Sur le chef de redressement n°2 :
Il résulte de la lettre d’observations les constatations suivantes :
'La société a exonéré de cotisations d’assurance chômage les rémunérations de M. [R] car il exerçait la fonction de gérant du restaurant.
Elle a appliqué les réductions générales de cotisations sur ses rémunérations qui sont conditionnées à l’obligation d’assurance contre le risque de privation d’emploi.
Les réductions ne sont pas justifiées', ce qui a entraîné un redressement de 4 748 euros.
La société soutient en substance que M. [R] bénéficiait d’un contrat de travail en qualité de directeur de restaurant qu’il cumulait avec ses fonctions de gérant non rémunérées ; que le gérant minoritaire était légitime à ne pas cotiser à l’assurance chômage qui n’aurait pas reconnu l’existence de son contrat de travail ; que l’URSSAF en justifiant ce chef de redressement par l’absence de cotisation au régime de l’assurance chômage ajoute une condition au dispositif dit réduction Fillon prévu par l’article L.241-13 II du code de la sécurité sociale.
L’URSSAF réplique en substance qu’en l’absence de cotisations acquittées sur la rémunération de M. [R] au régime d’assurance chômage, le redressement a été opéré à juste titre.
L’article L.241-13 II du code de la sécurité sociale, dans sa version applicable à la date d’exigibilité des cotisations, prévoit que la réduction s’applique aux gains et rémunérations versées aux salariés, au titre desquels l’employeur est soumis à l’obligation d’assurance contre le risque de privation d’emploi.
En l’espèce, force est de constater que la société a produit le contrat de travail de M. [R] (pièce n° 10 de ses productions) postérieurement aux opérations de contrôle.

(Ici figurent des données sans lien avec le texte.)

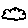
Label: cloud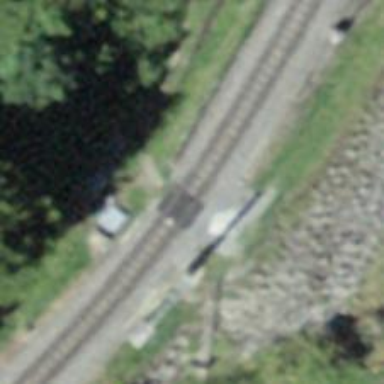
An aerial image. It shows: Crossing for the railway.

En tout état de cause cet élément est insuffisant pour établir que M. [R] n’était pas soumis au régime d’assurance chômage. La société reconnaissant ne pas avoir cotisé au titre des rémunérations versées à M. [R] au régime d’assurance chômage, le redressement est justifié, le jugement devant être confirmé de ce chef.
Sur le chef de redressement n° 4 : forfait social – assiette-cas général :
Ledit chef de redressement n’a pas été soumis à la commission de recours amiable et n’est pas contesté.
Sur les autres demandes :
Chacune des parties succombant partiellement, les dépens seront laissés à leur charge et elles seront déboutées de leur demande au titre de l’article 700 du code de procédure civile.
PAR CES MOTIFS :
LA COUR,
DÉCLARE les appels recevables ;
INFIRME le jugement déféré en ce qu’il a annulé le chef de redressement n° 1 et en ce qu’il a validé la contrainte du 12 mars 2018 uniquement sur les chefs de redressement n° 2 et 4 ;
Statuant à nouveau de ces chefs ;
DIT que le chef de redressement n° 1 : avantage en nature nourriture (3 922 euros de cotisations) est justifié ;
VALIDE la contrainte du 12 mars 2018 sur les chefs de redressement n° 1, 2 et 4 ;
CONFIRME le jugement pour le surplus ;
Y additant,
DÉBOUTE les parties de leurs demandes au titre de l’article 700 du code de procédure civile ;
LAISSE les dépens d’appel à la charge de chacune des parties.